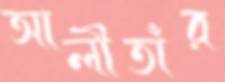
আলীতাঁর
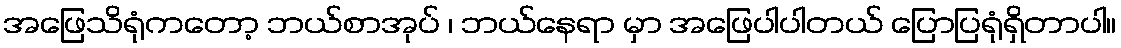
အဖြေသိရုံကတော့ ဘယ်စာအုပ် ၊ ဘယ်နေရာ မှာ အဖြေပါပါတယ် ပြောပြရုံရှိတာပါ။
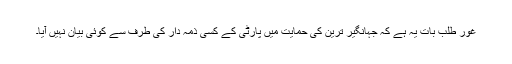
غور طلب بات یہ ہے کہ جہانگیر ترین کی حمایت میں پارٹی کے کسی ذمہ دار کی طرف سے کوئی بیان نہیں آیا۔
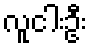
လူငါးဦး
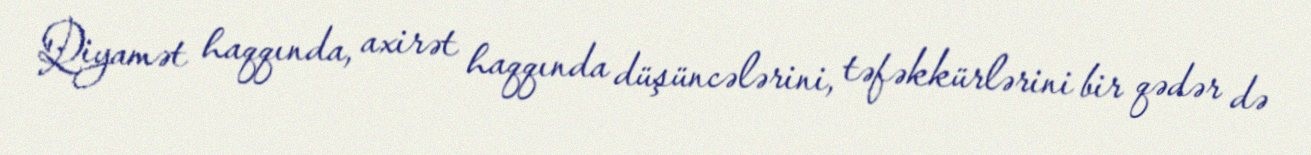
Qiyamət haqqında, axirət haqqında düşüncələrini, təfəkkürlərini bir qədər də
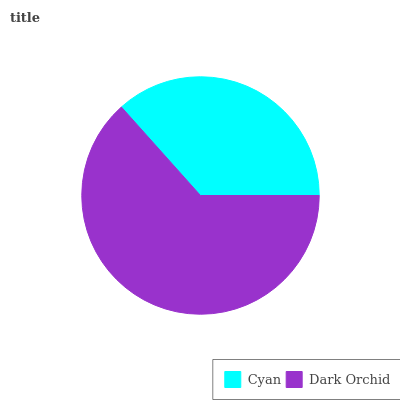
| Cyan | Dark Orchid |
 | --- | --- |
 | 36.6% | 63.4% |
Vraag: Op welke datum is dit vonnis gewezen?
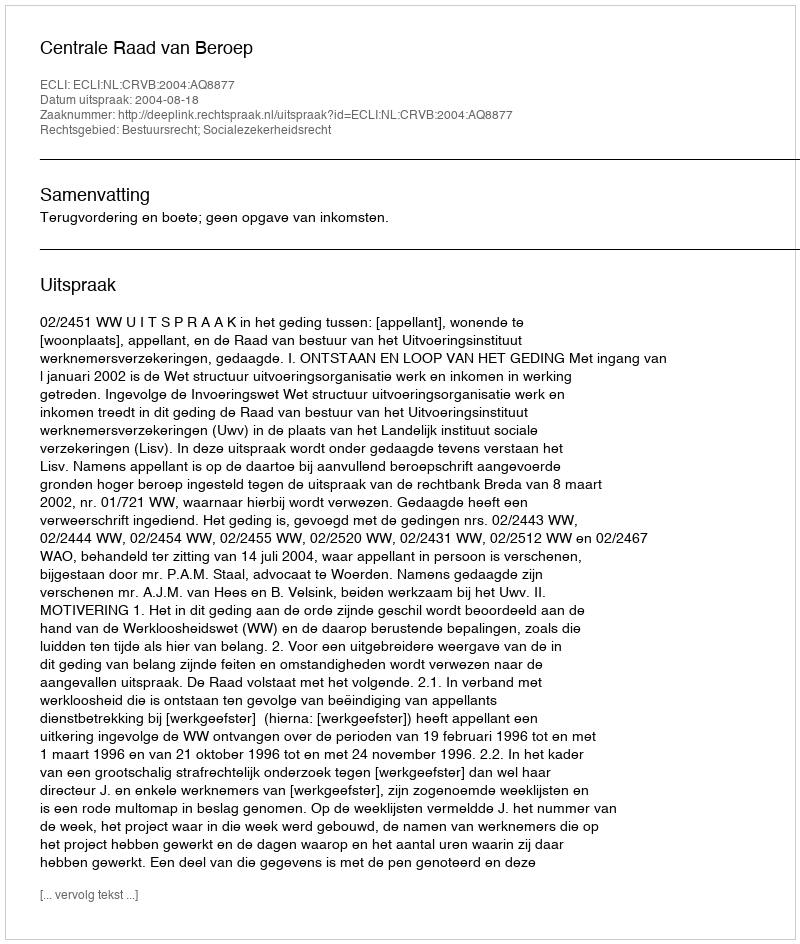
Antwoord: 2004-08-18
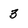
Character: 3
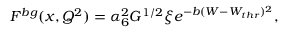
F ^ { b g } ( x , Q ^ { 2 } ) = \alpha _ { 6 } ^ { 2 } G ^ { 1 / 2 } \xi e ^ { - b ( W - W _ { t h r } ) ^ { 2 } } ,
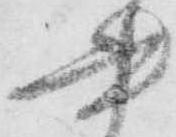
書
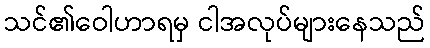
သင်၏ဝေါဟာရမှ ငါအလုပ်များနေသည်
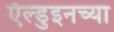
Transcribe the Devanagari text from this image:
ऍल्डुइनच्या
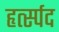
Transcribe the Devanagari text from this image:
हृर्त्स्पद
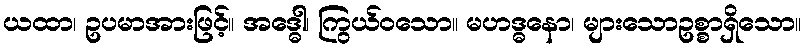
ယထာ၊ ဥပမာအားဖြင့်။ အဒ္ဓေါ၊ ကြွယ်ဝသော။ မဟဒ္ဓနော၊ များသောဥစ္စာရှိသော။
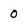
Character: 0
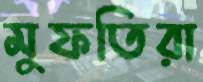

§

■ What you have to do ■
Copy only the lines running from the one that holds "Antwoord: 2004-08-18" through the last line of the data, and include both of those lines. Do not copy any pictures.

■ Exercise output ■
Antwoord: 2004-08-18
Character: 3
F ^ { b g } ( x , Q ^ { 2 } ) = \alpha _ { 6 } ^ { 2 } G ^ { 1 / 2 } \xi e ^ { - b ( W - W _ { t h r } ) ^ { 2 } } ,
書
သင်၏ဝေါဟာရမှ ငါအလုပ်များနေသည်
Transcribe the Devanagari text from this image:
ऍल्डुइनच्या
Transcribe the Devanagari text from this image:
हृर्त्स्पद
ယထာ၊ ဥပမာအားဖြင့်။ အဒ္ဓေါ၊ ကြွယ်ဝသော။ မဟဒ္ဓနော၊ များသောဥစ္စာရှိသော။
Character: 0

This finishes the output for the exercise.